> _PROBLEM STATEMENT_
Below this line is a set of entries; quote exactly the lines from the line that contains "land cover: Shrubland without tree cover" to the line that contains "longitude: -7.4533", both lines included.
[[ EXERCISE DATA open ]]
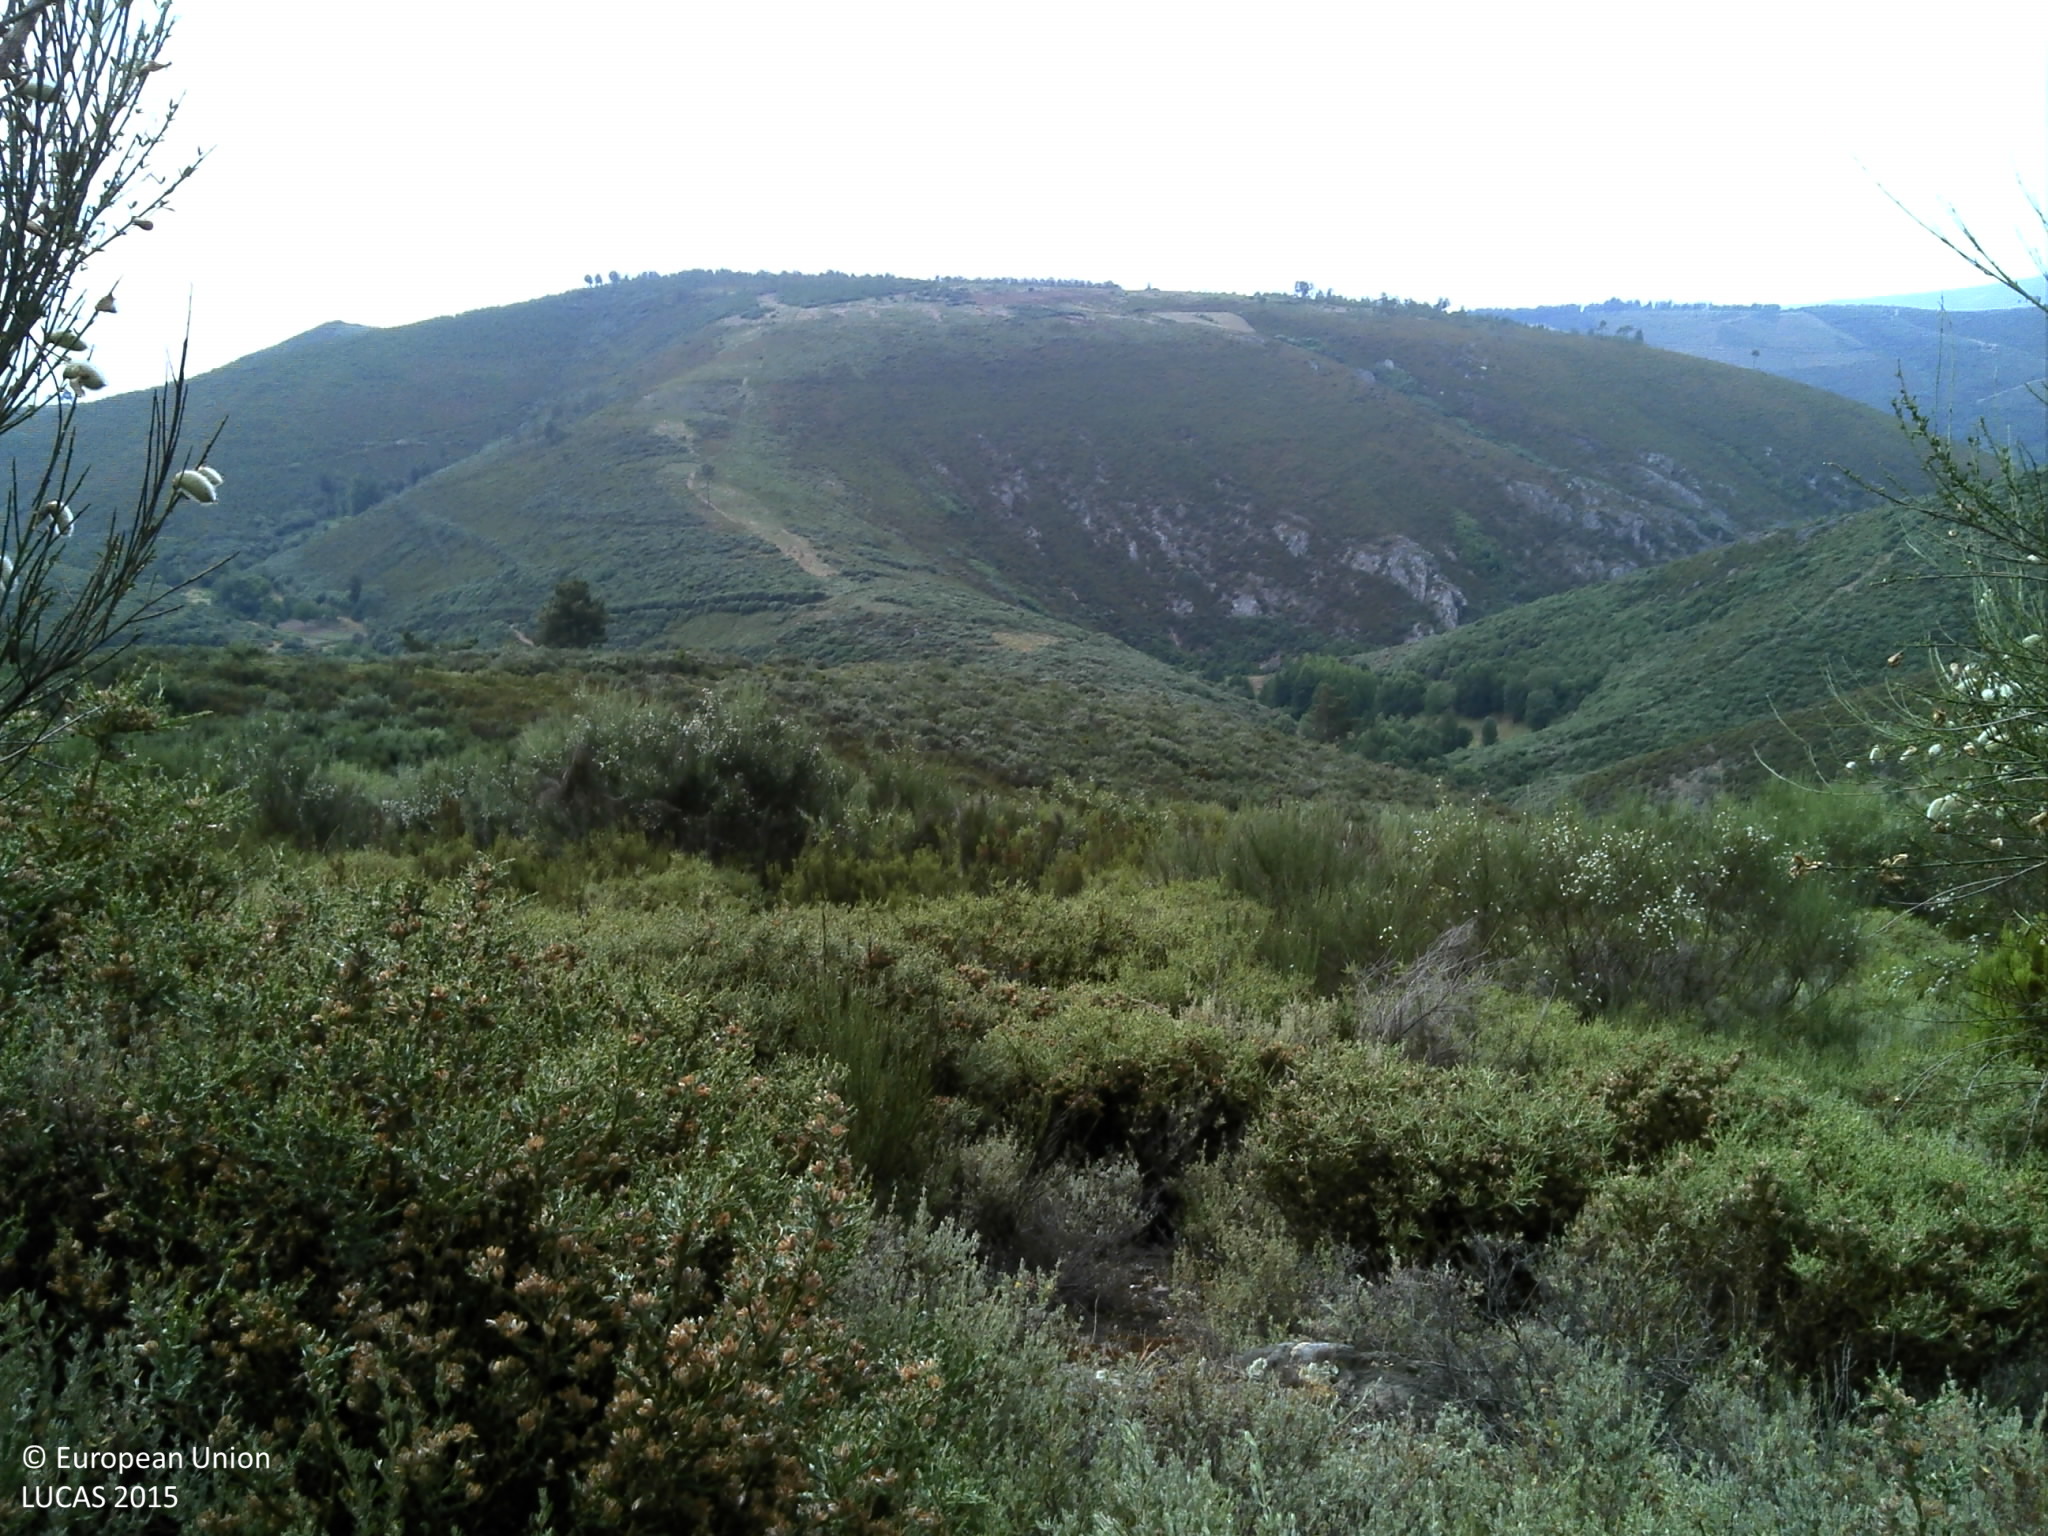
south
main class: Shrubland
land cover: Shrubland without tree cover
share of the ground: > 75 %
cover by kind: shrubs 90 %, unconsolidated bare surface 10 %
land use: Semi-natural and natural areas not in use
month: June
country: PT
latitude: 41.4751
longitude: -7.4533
[[ EXERCISE DATA closed ]]
[[ EXERCISE DATA open ]]
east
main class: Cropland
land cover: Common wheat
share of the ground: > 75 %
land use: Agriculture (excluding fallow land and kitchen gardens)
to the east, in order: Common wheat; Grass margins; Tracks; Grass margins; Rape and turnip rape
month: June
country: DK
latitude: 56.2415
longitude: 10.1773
[[ EXERCISE DATA closed ]]
> _FINISHED EXERCISE_
land cover: Shrubland without tree cover
share of the ground: > 75 %
cover by kind: shrubs 90 %, unconsolidated bare surface 10 %
land use: Semi-natural and natural areas not in use
month: June
country: PT
latitude: 41.4751
longitude: -7.4533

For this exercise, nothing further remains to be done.